BEGIN

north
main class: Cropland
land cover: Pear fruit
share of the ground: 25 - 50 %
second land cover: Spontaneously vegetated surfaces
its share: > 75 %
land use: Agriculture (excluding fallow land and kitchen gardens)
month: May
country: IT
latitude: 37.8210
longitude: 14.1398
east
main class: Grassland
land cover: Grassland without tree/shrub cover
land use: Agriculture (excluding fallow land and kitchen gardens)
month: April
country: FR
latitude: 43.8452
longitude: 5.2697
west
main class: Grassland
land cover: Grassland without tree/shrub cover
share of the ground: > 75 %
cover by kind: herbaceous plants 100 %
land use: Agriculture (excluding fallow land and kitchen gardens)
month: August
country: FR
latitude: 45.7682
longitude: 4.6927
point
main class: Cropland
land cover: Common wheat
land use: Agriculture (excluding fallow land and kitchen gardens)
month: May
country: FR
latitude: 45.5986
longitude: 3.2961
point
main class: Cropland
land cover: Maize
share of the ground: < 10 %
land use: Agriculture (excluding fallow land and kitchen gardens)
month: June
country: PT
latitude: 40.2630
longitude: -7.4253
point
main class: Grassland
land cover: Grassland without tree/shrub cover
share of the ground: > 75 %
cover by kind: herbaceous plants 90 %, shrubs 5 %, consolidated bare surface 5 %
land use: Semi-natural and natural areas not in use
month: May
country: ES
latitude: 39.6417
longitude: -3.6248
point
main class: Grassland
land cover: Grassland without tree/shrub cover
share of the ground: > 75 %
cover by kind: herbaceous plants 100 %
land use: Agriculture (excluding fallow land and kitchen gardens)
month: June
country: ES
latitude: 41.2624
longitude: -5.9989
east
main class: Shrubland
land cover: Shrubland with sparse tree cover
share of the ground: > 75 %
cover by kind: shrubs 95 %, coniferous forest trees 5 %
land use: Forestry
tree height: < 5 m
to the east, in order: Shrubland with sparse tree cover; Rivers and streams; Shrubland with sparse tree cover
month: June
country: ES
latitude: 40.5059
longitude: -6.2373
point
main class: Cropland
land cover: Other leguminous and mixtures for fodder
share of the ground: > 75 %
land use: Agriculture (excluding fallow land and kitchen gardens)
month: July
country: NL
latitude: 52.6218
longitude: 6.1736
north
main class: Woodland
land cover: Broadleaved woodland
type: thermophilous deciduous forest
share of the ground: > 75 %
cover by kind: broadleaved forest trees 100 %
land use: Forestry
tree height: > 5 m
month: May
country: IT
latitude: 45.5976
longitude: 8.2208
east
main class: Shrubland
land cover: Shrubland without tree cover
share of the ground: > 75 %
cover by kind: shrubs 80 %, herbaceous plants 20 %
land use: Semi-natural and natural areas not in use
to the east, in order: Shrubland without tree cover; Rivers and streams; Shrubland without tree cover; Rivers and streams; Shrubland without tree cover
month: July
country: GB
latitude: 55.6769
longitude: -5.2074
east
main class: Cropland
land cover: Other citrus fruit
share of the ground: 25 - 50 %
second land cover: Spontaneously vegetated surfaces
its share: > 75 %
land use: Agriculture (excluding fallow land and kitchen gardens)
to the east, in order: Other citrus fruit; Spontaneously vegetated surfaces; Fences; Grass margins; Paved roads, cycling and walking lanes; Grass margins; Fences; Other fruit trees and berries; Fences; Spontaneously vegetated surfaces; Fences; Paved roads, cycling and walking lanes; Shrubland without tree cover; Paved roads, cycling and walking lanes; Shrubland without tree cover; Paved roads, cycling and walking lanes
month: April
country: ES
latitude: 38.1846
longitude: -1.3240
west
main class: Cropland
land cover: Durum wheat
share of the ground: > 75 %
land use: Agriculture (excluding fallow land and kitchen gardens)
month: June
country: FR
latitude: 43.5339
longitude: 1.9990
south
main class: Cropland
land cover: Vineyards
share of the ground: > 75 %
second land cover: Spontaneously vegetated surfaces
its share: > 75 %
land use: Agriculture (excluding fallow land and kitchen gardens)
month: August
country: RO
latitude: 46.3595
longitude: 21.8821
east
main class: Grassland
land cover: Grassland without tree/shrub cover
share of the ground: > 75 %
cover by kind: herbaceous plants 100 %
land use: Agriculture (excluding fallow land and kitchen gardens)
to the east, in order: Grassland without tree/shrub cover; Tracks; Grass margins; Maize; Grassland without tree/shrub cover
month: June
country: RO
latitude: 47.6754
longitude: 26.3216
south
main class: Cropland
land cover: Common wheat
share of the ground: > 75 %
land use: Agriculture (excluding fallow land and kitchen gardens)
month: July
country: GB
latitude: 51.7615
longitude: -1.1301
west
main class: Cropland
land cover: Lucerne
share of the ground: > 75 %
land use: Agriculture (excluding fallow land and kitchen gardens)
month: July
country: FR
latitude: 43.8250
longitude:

END

> _Task directions_
Nothing outside this range should appear: the lines from the start of the listing through the line with "main class: Woodland", each reproduced exactly, both ends included.

> _Answer box_
north
main class: Cropland
land cover: Pear fruit
share of the ground: 25 - 50 %
second land cover: Spontaneously vegetated surfaces
its share: > 75 %
land use: Agriculture (excluding fallow land and kitchen gardens)
month: May
country: IT
latitude: 37.8210
longitude: 14.1398
east
main class: Grassland
land cover: Grassland without tree/shrub cover
land use: Agriculture (excluding fallow land and kitchen gardens)
month: April
country: FR
latitude: 43.8452
longitude: 5.2697
west
main class: Grassland
land cover: Grassland without tree/shrub cover
share of the ground: > 75 %
cover by kind: herbaceous plants 100 %
land use: Agriculture (excluding fallow land and kitchen gardens)
month: August
country: FR
latitude: 45.7682
longitude: 4.6927
point
main class: Cropland
land cover: Common wheat
land use: Agriculture (excluding fallow land and kitchen gardens)
month: May
country: FR
latitude: 45.5986
longitude: 3.2961
point
main class: Cropland
land cover: Maize
share of the ground: < 10 %
land use: Agriculture (excluding fallow land and kitchen gardens)
month: June
country: PT
latitude: 40.2630
longitude: -7.4253
point
main class: Grassland
land cover: Grassland without tree/shrub cover
share of the ground: > 75 %
cover by kind: herbaceous plants 90 %, shrubs 5 %, consolidated bare surface 5 %
land use: Semi-natural and natural areas not in use
month: May
country: ES
latitude: 39.6417
longitude: -3.6248
point
main class: Grassland
land cover: Grassland without tree/shrub cover
share of the ground: > 75 %
cover by kind: herbaceous plants 100 %
land use: Agriculture (excluding fallow land and kitchen gardens)
month: June
country: ES
latitude: 41.2624
longitude: -5.9989
east
main class: Shrubland
land cover: Shrubland with sparse tree cover
share of the ground: > 75 %
cover by kind: shrubs 95 %, coniferous forest trees 5 %
land use: Forestry
tree height: < 5 m
to the east, in order: Shrubland with sparse tree cover; Rivers and streams; Shrubland with sparse tree cover
month: June
country: ES
latitude: 40.5059
longitude: -6.2373
point
main class: Cropland
land cover: Other leguminous and mixtures for fodder
share of the ground: > 75 %
land use: Agriculture (excluding fallow land and kitchen gardens)
month: July
country: NL
latitude: 52.6218
longitude: 6.1736
north
main class: Woodland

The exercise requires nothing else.